Send each entry back exactly as given, pictures excluded.

(Dataset items)
:::::
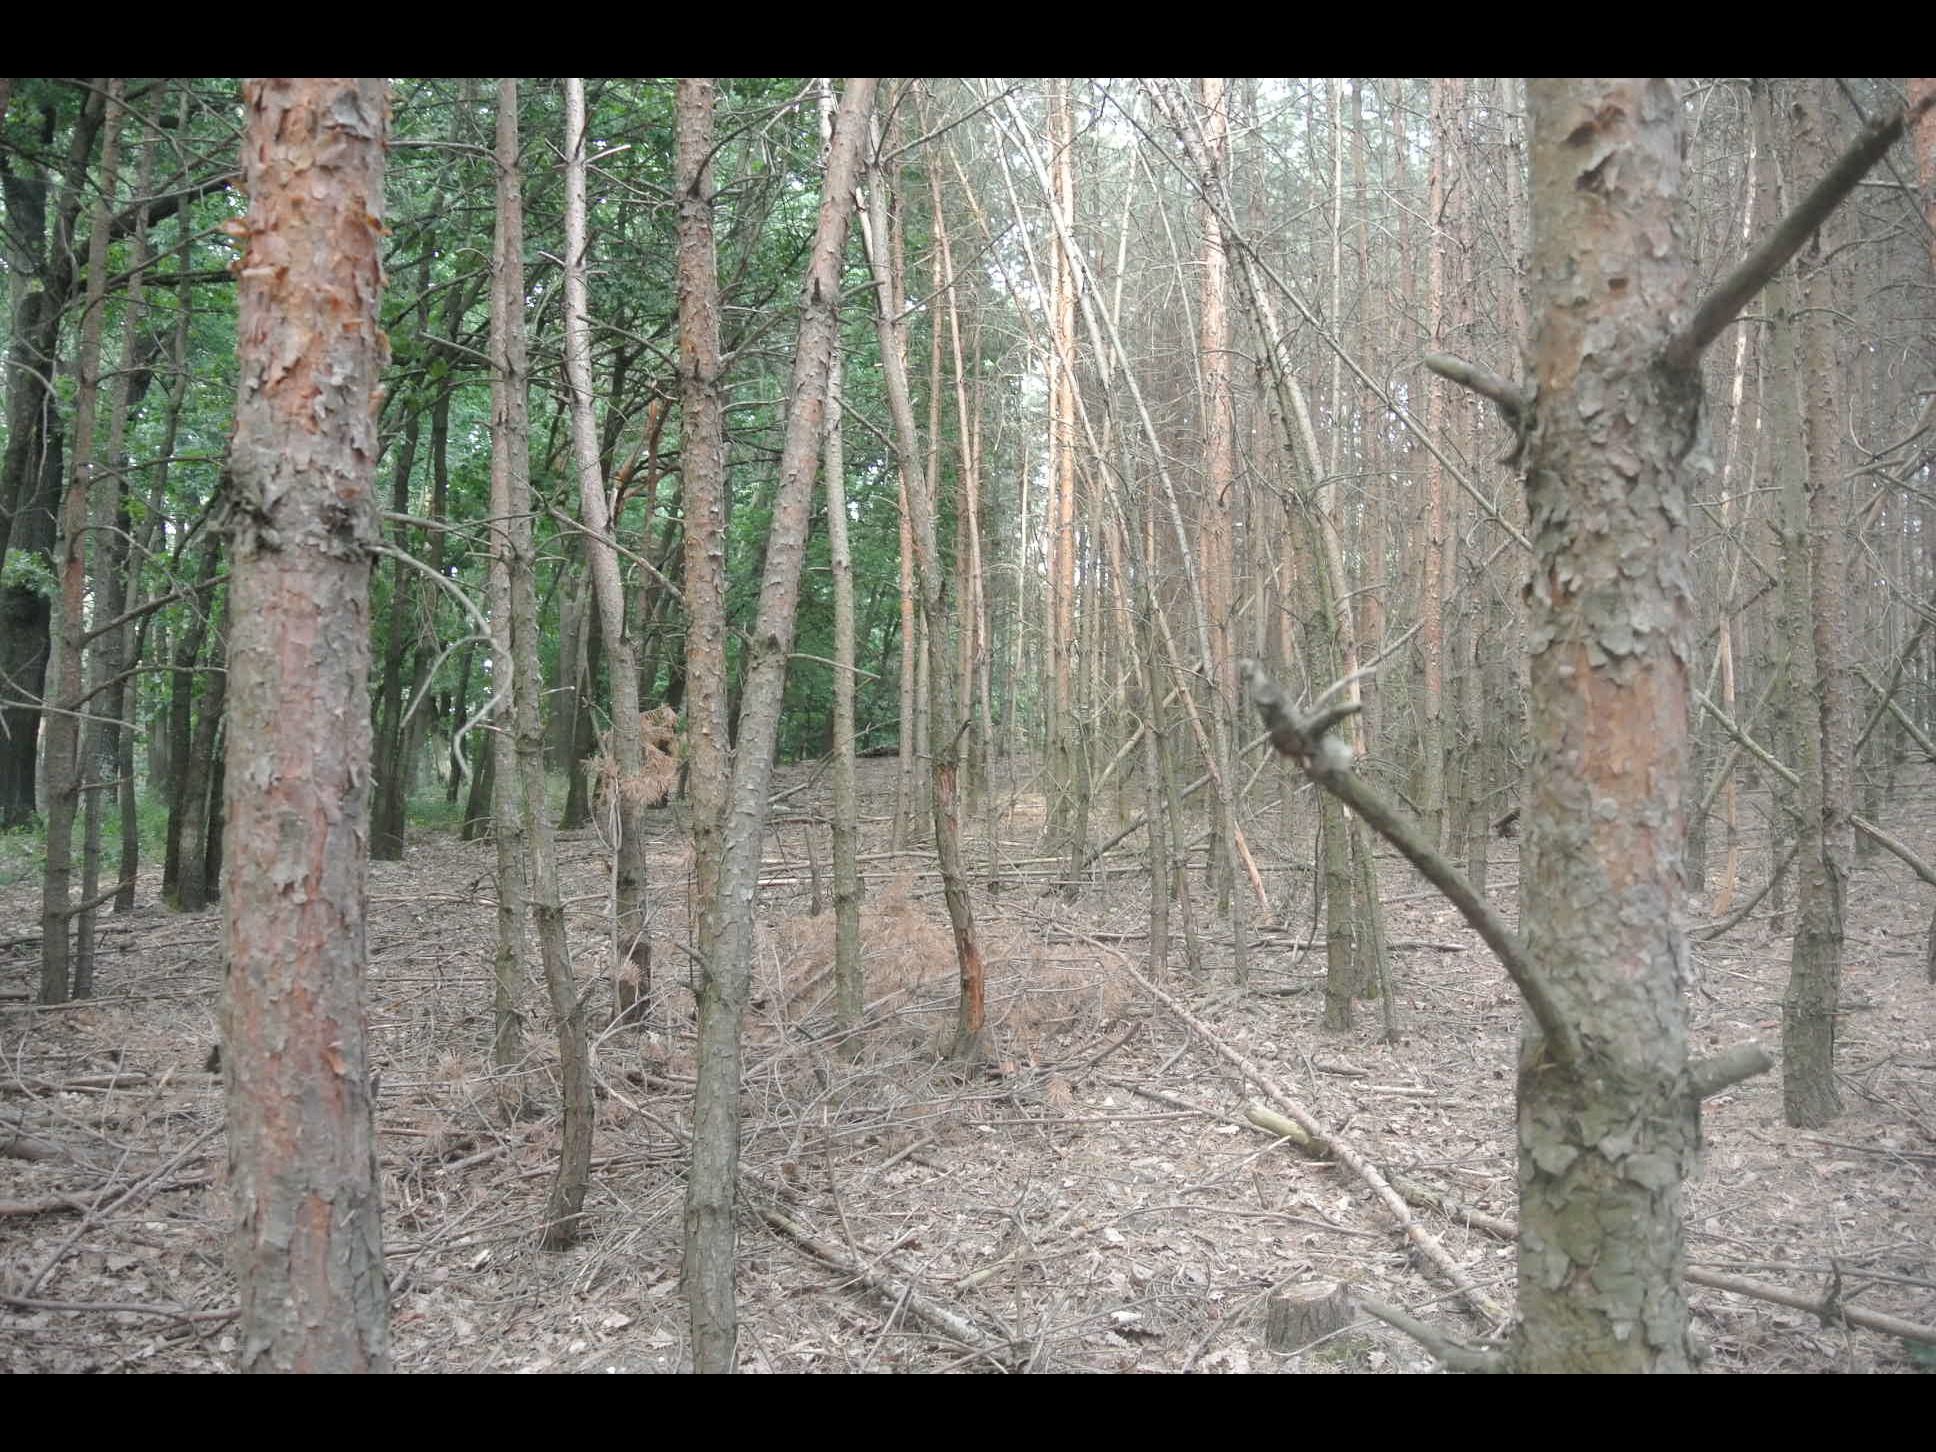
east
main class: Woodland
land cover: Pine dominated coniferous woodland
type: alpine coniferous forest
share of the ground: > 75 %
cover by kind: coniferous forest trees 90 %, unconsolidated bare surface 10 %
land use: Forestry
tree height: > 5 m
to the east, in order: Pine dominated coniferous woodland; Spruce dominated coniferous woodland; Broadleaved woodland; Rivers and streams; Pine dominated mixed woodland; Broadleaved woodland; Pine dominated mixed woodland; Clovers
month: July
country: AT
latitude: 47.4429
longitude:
:::::
# REPLY TO THE EXERCISE
east
main class: Woodland
land cover: Pine dominated coniferous woodland
type: alpine coniferous forest
share of the ground: > 75 %
cover by kind: coniferous forest trees 90 %, unconsolidated bare surface 10 %
land use: Forestry
tree height: > 5 m
to the east, in order: Pine dominated coniferous woodland; Spruce dominated coniferous woodland; Broadleaved woodland; Rivers and streams; Pine dominated mixed woodland; Broadleaved woodland; Pine dominated mixed woodland; Clovers
month: July
country: AT
latitude: 47.4429
longitude:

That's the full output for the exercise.